Trump to Kim: My nuke button bigger than yours

WASHINGTON: US President Donald Trump warned Kim Jong-Un he has a “much bigger” nuclear button than the North Korean leader, as Washington dismissed the prospect of high-level talks between Pyongyang and Seoul.

Trump launched the highly personal missive on Twitter hours after his ambassador to the UN Nikki Haley described proposed dialogue between the two Koreas as a “band-aid” and said Washington would never accept a nuclear-armed Pyongyang.

Trump said: “North Korean Leader Kim Jong Un just stated that the ‘Nuclear Button is on his desk at all times.’ “Will someone from his depleted and food starved regime please inform him that I too have a Nuclear Button, but it is a much bigger & more powerful one than his, and my Button works!”

The tweet was in reference to Kim’s annual New Year address in which he warned he has a “nuclear button” on his table, but sweetened his remarks by expressing an interest in dialogue and taking part in the Pyeongchang Games next month.

Inter-Korean hotline reopens

Meanwhile, North and South Korea on Wednesday reopened a cross-border hotline which had been shut down since 2016, forging ahead with peace overtures despite taunts from US President Donald Trump who said he has a “much bigger” nuclear button than Kim Jong-Un.

The hotline was restored at 0630 GMT after Seoul proposed high-level talks in response to an olive branch from the North’s leader, who has offered to send a team to next month’s Winter Olympics in the South.

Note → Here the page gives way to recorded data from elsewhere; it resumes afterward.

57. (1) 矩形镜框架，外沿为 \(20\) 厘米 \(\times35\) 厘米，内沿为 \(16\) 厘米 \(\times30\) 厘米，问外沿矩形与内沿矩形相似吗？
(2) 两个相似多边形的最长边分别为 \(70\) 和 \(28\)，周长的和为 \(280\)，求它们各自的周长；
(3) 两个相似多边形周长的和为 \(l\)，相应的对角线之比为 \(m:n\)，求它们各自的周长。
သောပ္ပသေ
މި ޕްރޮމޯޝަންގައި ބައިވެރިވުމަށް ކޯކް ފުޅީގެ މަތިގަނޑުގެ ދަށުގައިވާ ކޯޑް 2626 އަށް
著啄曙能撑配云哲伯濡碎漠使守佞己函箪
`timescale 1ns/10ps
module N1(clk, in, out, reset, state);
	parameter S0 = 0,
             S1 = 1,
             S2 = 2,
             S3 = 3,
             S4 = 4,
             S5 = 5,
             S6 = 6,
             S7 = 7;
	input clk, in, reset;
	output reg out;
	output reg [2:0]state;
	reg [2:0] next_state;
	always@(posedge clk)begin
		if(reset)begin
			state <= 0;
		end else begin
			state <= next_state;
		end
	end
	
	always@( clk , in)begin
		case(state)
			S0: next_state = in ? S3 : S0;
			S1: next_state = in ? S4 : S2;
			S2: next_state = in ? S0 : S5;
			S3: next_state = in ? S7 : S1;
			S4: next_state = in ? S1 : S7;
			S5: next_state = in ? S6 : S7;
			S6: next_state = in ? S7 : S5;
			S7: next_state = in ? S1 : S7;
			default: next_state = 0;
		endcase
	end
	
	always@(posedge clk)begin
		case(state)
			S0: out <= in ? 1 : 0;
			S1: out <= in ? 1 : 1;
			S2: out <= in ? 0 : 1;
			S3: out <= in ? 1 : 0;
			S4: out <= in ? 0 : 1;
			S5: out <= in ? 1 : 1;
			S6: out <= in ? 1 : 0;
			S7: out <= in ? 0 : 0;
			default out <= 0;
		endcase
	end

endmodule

“The phone conversation lasted 20 minutes,” a South Korean Unification Ministry official said, adding details were not known immediately.

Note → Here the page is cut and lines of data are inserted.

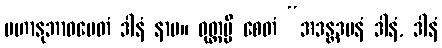
မဟာနုဘာဝမေတံ ဒါနံ နာမ။ ဝုတ္တမ္ပိ စေတံ “အဒန္တဒမနံ ဒါနံ, ဒါနံ
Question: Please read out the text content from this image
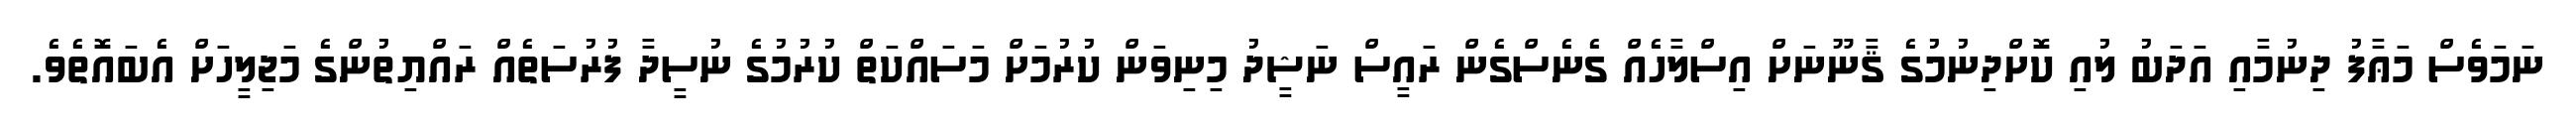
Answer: ނަމަވެސް މަޢާފު ދިނުމާއި އަދަބު ލުއި ކޮށްދިނުމުގެ ޤާނޫނަށް އިސްލާހެއް ގެނެސްގެން ރައީސް ނަޝީދު މިނިވަން ކުރުމަށް މަސައްކަތް ކުރުމުގެ ނުސީދާ ފުރުސަތެއް ރައްޔިތުންގެ މަޖިލީހަށް އެބައޮތެވެ.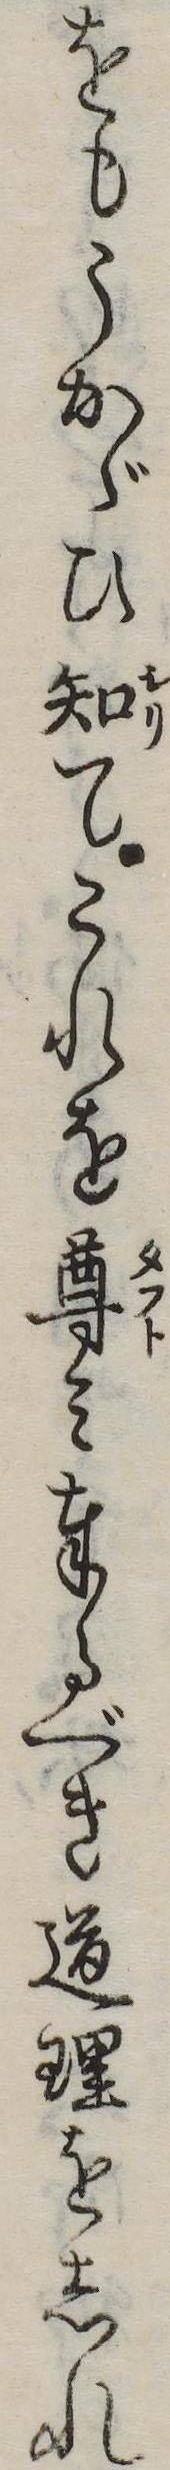
をもうかゞひ知てこれを尊み奉るべき道理をしれ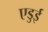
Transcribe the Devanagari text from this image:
एडुई
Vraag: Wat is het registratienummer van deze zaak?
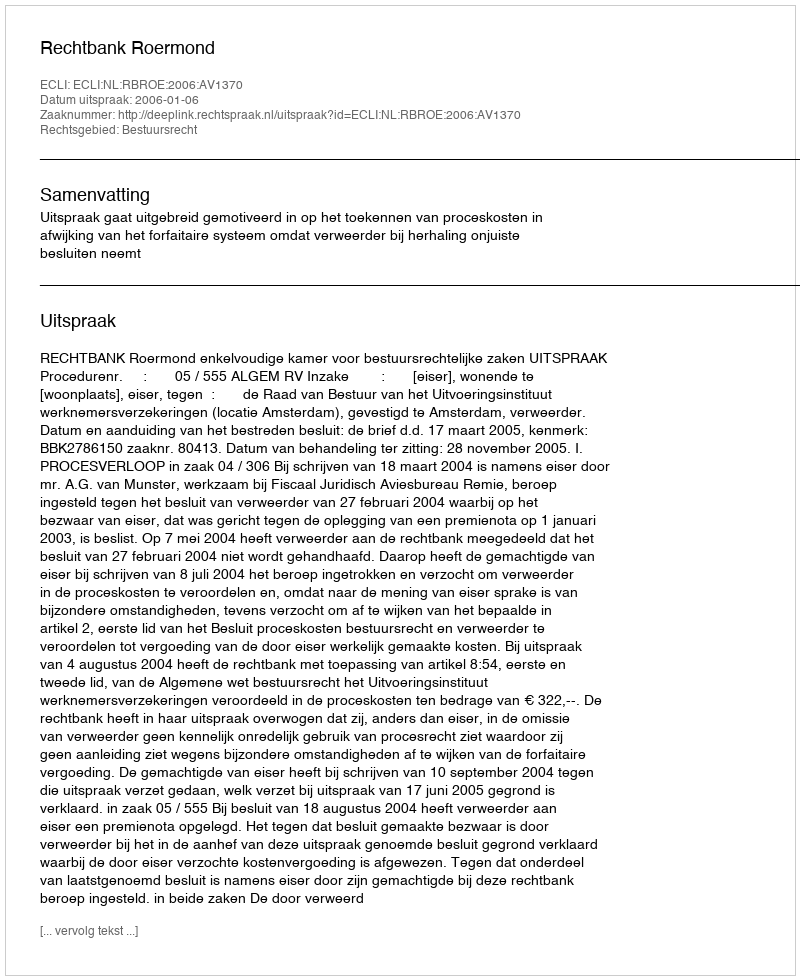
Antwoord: http://deeplink.rechtspraak.nl/uitspraak?id=ECLI:NL:RBROE:2006:AV1370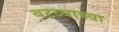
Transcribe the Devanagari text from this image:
बटव्याच्या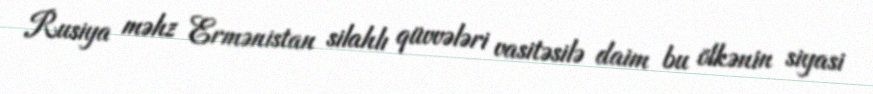
Rusiya məhz Ermənistan silahlı qüvvələri vasitəsilə daim bu ölkənin siyasi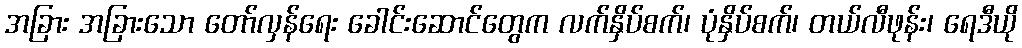
အခြား အခြားသော တော်လှန်ရေး ခေါင်းဆောင်တွေက လက်နှိပ်စက်၊ ပုံနှိပ်စက်၊ တယ်လီဖုန်း၊ ရေဒီယို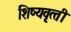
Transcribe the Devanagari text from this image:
शिष्‍यवृत्‍ती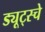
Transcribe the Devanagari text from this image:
ड्यूट्स्चे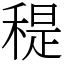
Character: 䅠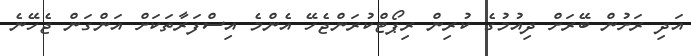
އަދި ރަށުން ބޭރަށް ދިއުމުގެ ކުރިން ރިޕޯޓްކުރަންޖެހޭ އެންމެ އިސްފަރާތަކަށް އަންގަން ޖެހޭނެ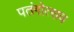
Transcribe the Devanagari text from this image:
पतंगोत्सव

Kim’s overtures to the South marked a rare softening in tone. Tensions have surged in recent months following a flurry of North Korean missile launches and its most powerful nuclear test yet.

Seoul responded with an offer to hold talks on Jan 9 — the first since 2015 — to discuss “matters of mutual interest” including the North’s Olympic participation.

US State Department spokesman Heather Nauert also warned that Kim “may be trying to drive a wedge of some sort between the two nations — between our nation and the Republic of Korea (South Korea)”.

But the tentative rapprochement seemed to be moving ahead on Wednesday, with Kim welcoming Seoul’s support for his overtures, according to Ri Son-gwon, the head of North Korea’s agency handling inter-Korean affairs.

Hotline ‘very significant’

The two countries, divided by a Demilitarised Zone since the end of the 1950-53 Korean War, last held high-level talks in 2015 to try to ease tensions.

The hotline in the border truce village of Panmunjom remained operational until February 2016. It was shut down when relations worsened over a dispute involving the jointly operated and now closed Kaesong industrial complex.

Seoul welcomed Pyongyang’s decision to reopen the hotline as “very significant”.

Its President Moon Jae-In has long favoured engagement with the North, but the Trump administration insists the regime must give up its weapons drive before any negotiations can take place.